It's ILLEGAL now??? What??


----------



## rubixwiz031 (Nov 26, 2012)

Isaac Paurus said:


> It's ILLEGAL now??? What??


It's always been illegal.


----------



## rubixwiz031 (Nov 26, 2012)

Also, just to clarify, it is NOT illegal to own a ShengShou 9x9. It IS illegal to own a Yuxin 11x11, or any other type of 11x11. However, owning a ShengShou 9x9 is still stealing from Verdes, even if not directly.


----------



## CarlBrannen (Nov 27, 2012)

As far as I can tell, Verdes has never won a patent lawsuit in the US. If I'm wrong about this, please give me a link. Google is our buddy here.

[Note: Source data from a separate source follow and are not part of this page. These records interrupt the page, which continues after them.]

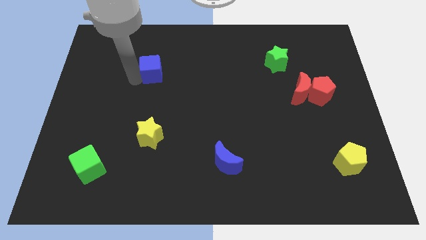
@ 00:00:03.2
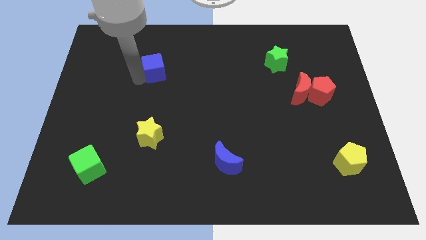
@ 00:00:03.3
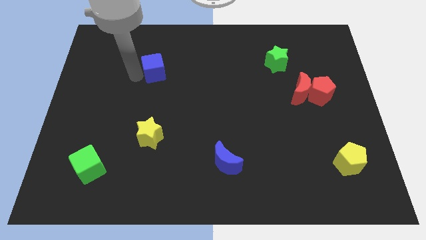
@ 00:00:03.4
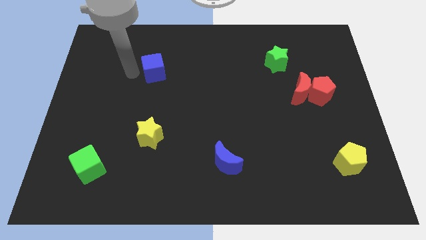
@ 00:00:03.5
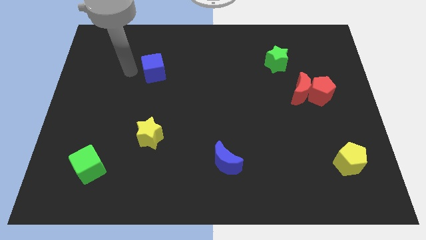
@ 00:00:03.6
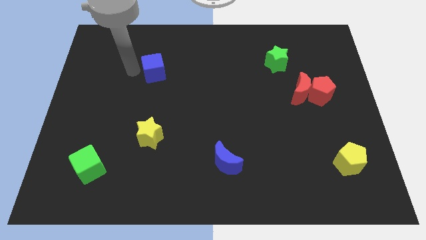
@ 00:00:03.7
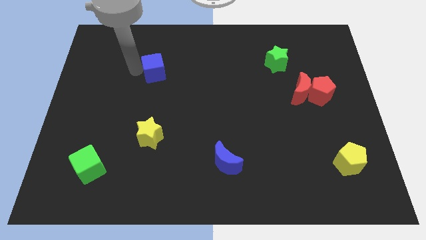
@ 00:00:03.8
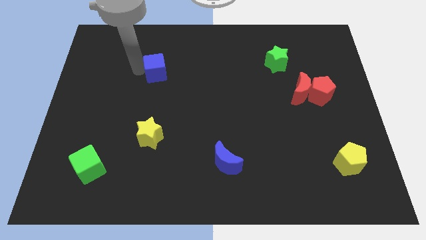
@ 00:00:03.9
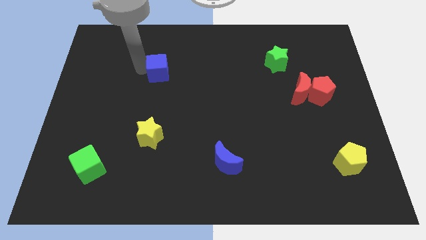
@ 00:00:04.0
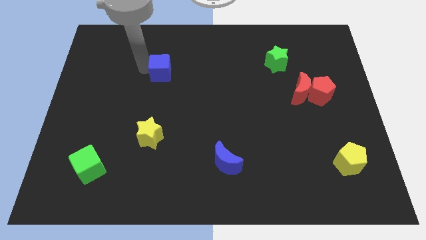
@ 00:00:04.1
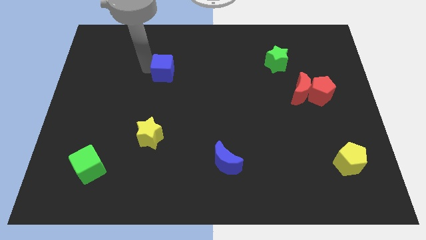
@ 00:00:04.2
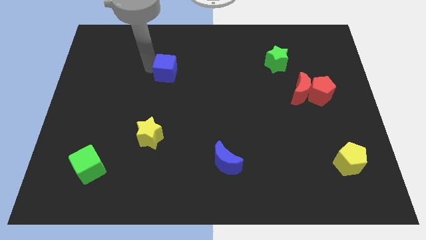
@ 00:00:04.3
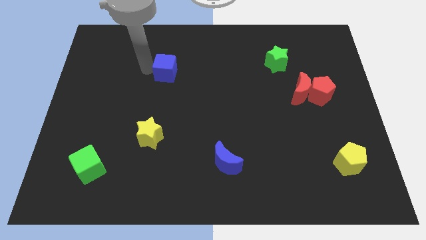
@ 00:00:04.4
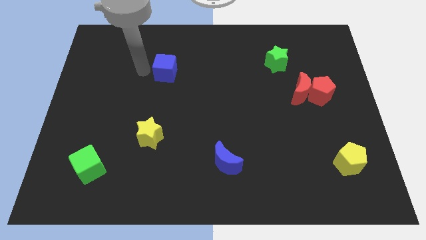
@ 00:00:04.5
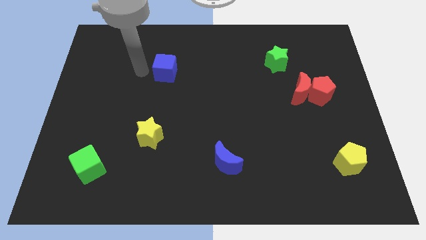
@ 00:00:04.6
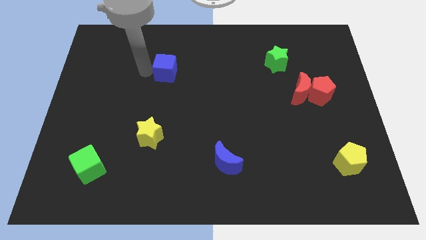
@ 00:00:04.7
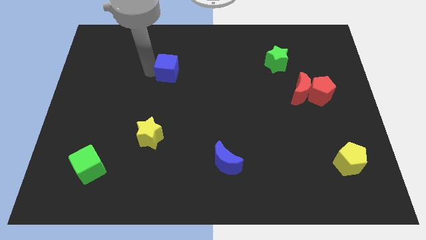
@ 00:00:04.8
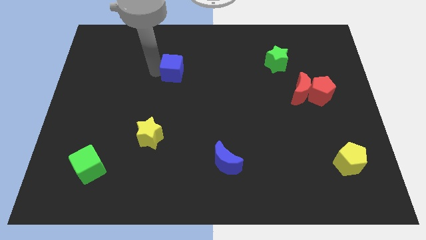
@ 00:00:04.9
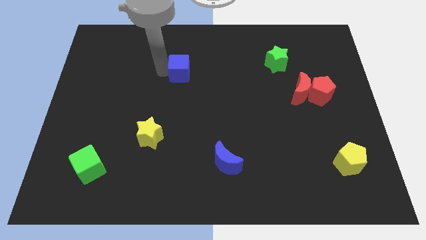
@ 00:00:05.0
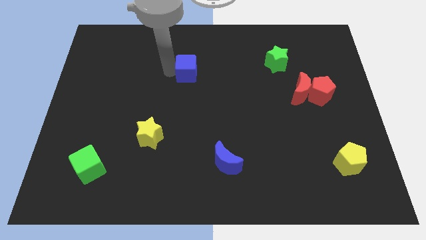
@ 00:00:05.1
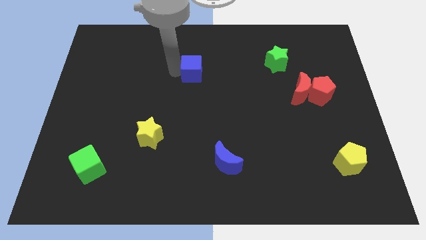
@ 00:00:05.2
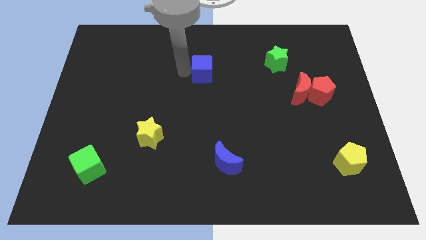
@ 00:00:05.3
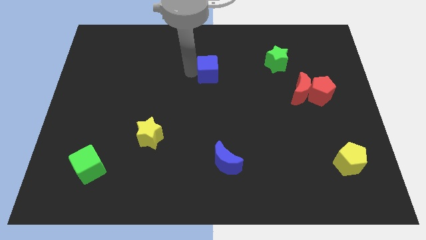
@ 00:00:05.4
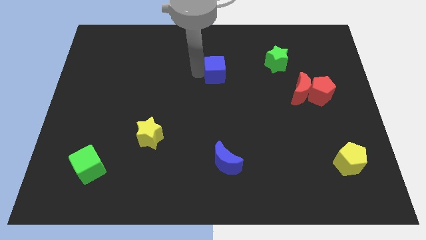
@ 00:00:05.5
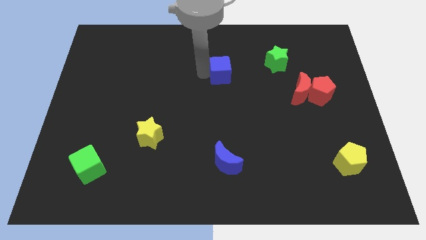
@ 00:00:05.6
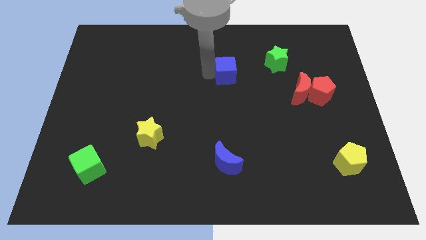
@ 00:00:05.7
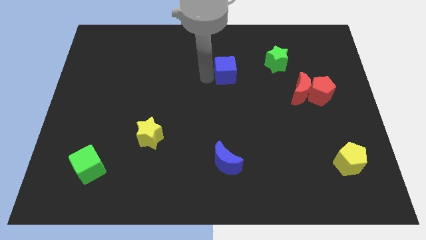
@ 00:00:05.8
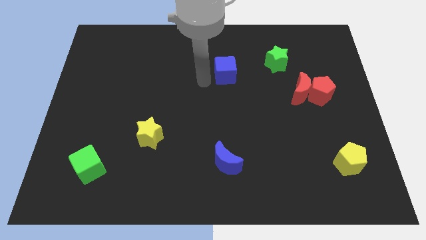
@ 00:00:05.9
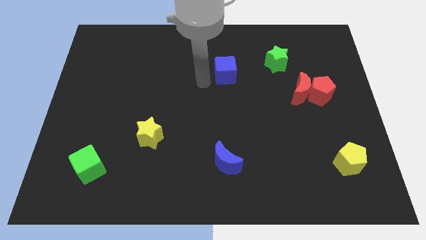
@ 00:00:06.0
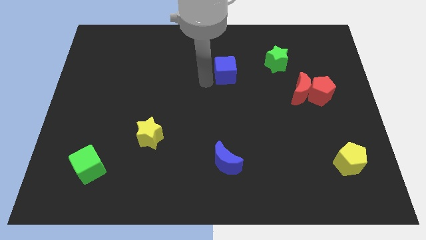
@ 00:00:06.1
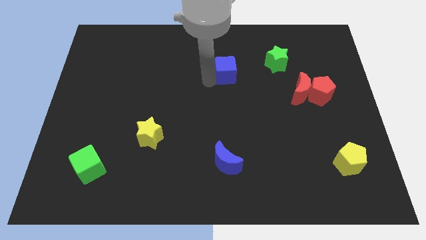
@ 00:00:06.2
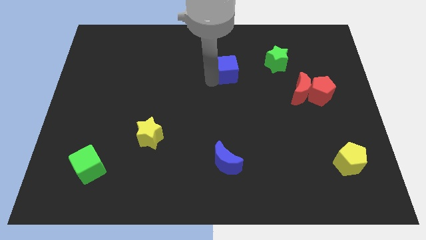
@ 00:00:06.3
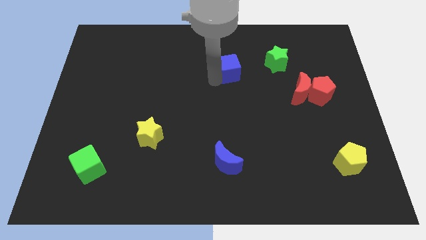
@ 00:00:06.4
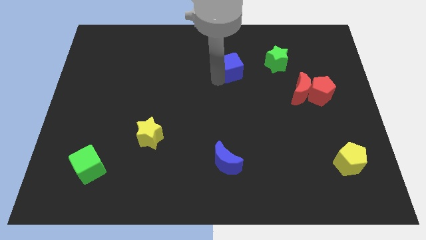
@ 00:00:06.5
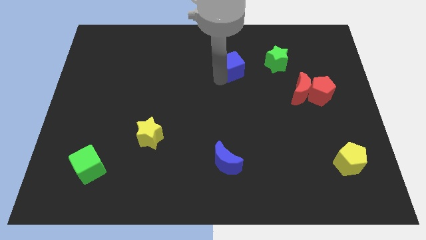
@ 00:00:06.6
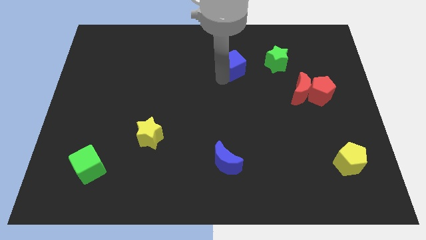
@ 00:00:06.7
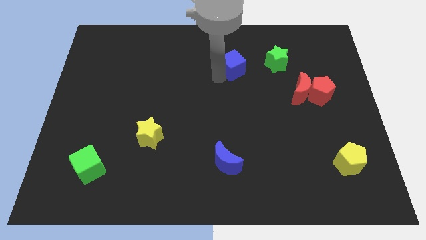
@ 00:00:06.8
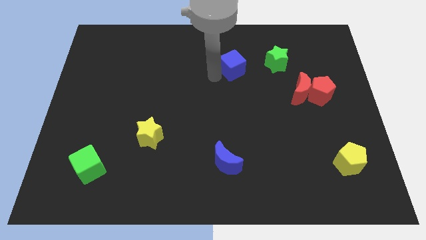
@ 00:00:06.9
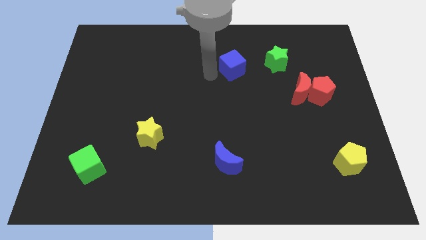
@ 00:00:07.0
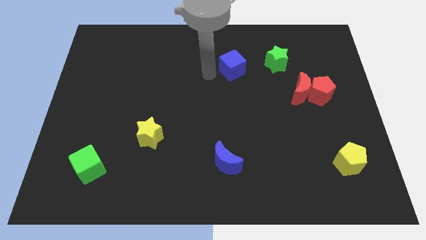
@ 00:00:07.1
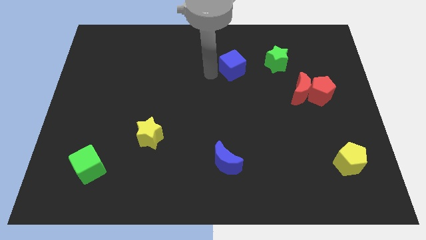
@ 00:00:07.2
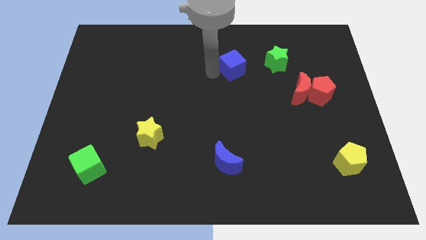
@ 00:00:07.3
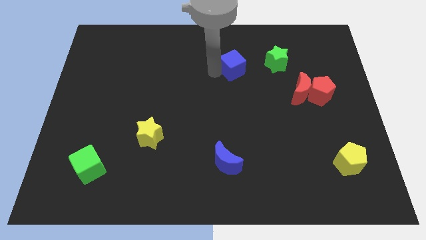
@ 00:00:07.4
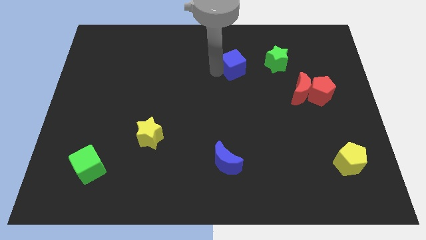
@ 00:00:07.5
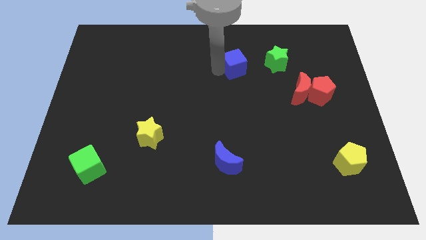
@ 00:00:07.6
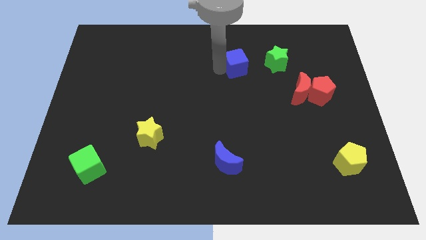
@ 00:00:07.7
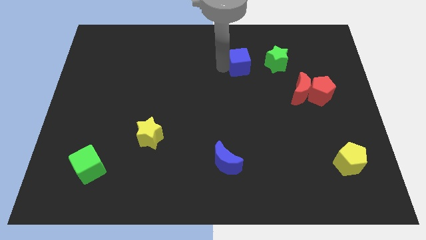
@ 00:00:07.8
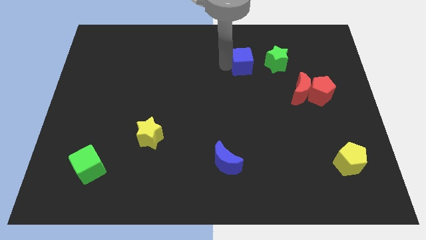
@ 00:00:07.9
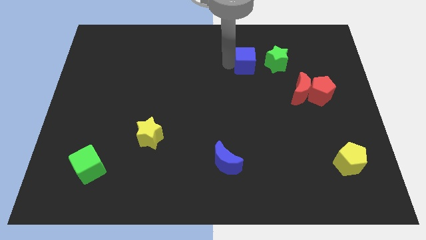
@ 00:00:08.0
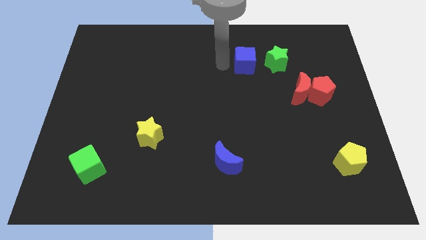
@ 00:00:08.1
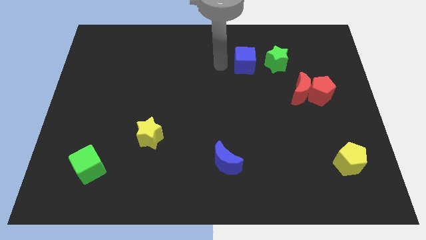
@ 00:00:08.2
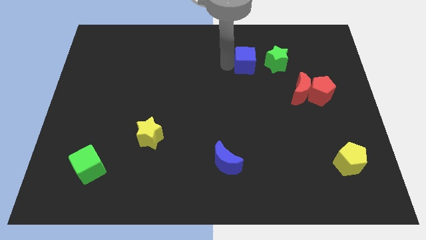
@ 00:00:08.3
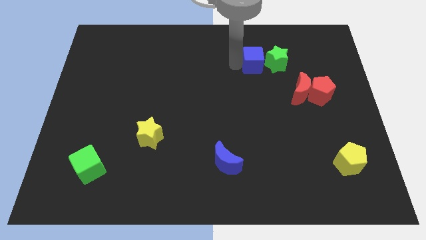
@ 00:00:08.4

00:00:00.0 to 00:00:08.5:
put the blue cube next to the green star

It is not the job of consumers to determine which products infringe on which patents. (Note I use the word "infringe" not "illegal".) It is the job of the patent owner to enforce his patents. When the patent owner fails to do this, the only conclusion a consumer can make is that there is no patent infringement. Patents are complicated things and are difficult for people to understand. As consumers, we do not have, in general, the skills of determining whether a product is infinging or not. Hey, if we buy a purse that usually goes for $10,000 for only $20 we can be pretty sure we've bought an infringing item, but that's probably a trademark infringement, not a patent infringement like we're talking about here. These are complicated things determined by incredibly complicated trials that take many years.

I've read the Verdes patent. I own a Sheng Shou 7x7x7. I have read the Verdes patent carefully and I do not believe Verdes would be successful in an infringement claim against that puzzle. I don't own any larger cube so I can't comment on them. But if you are a lawyer and you read the Verdes patent, I think that you will agree with me that it is *not* a very broad patent. My opinion is that its scope is very narrow. If you don't understand how the "claims" in a patent work and you're worried about this, consult a patent attorney. Show him the patent. Pay him $500 and get an opinion on it. Share it with us.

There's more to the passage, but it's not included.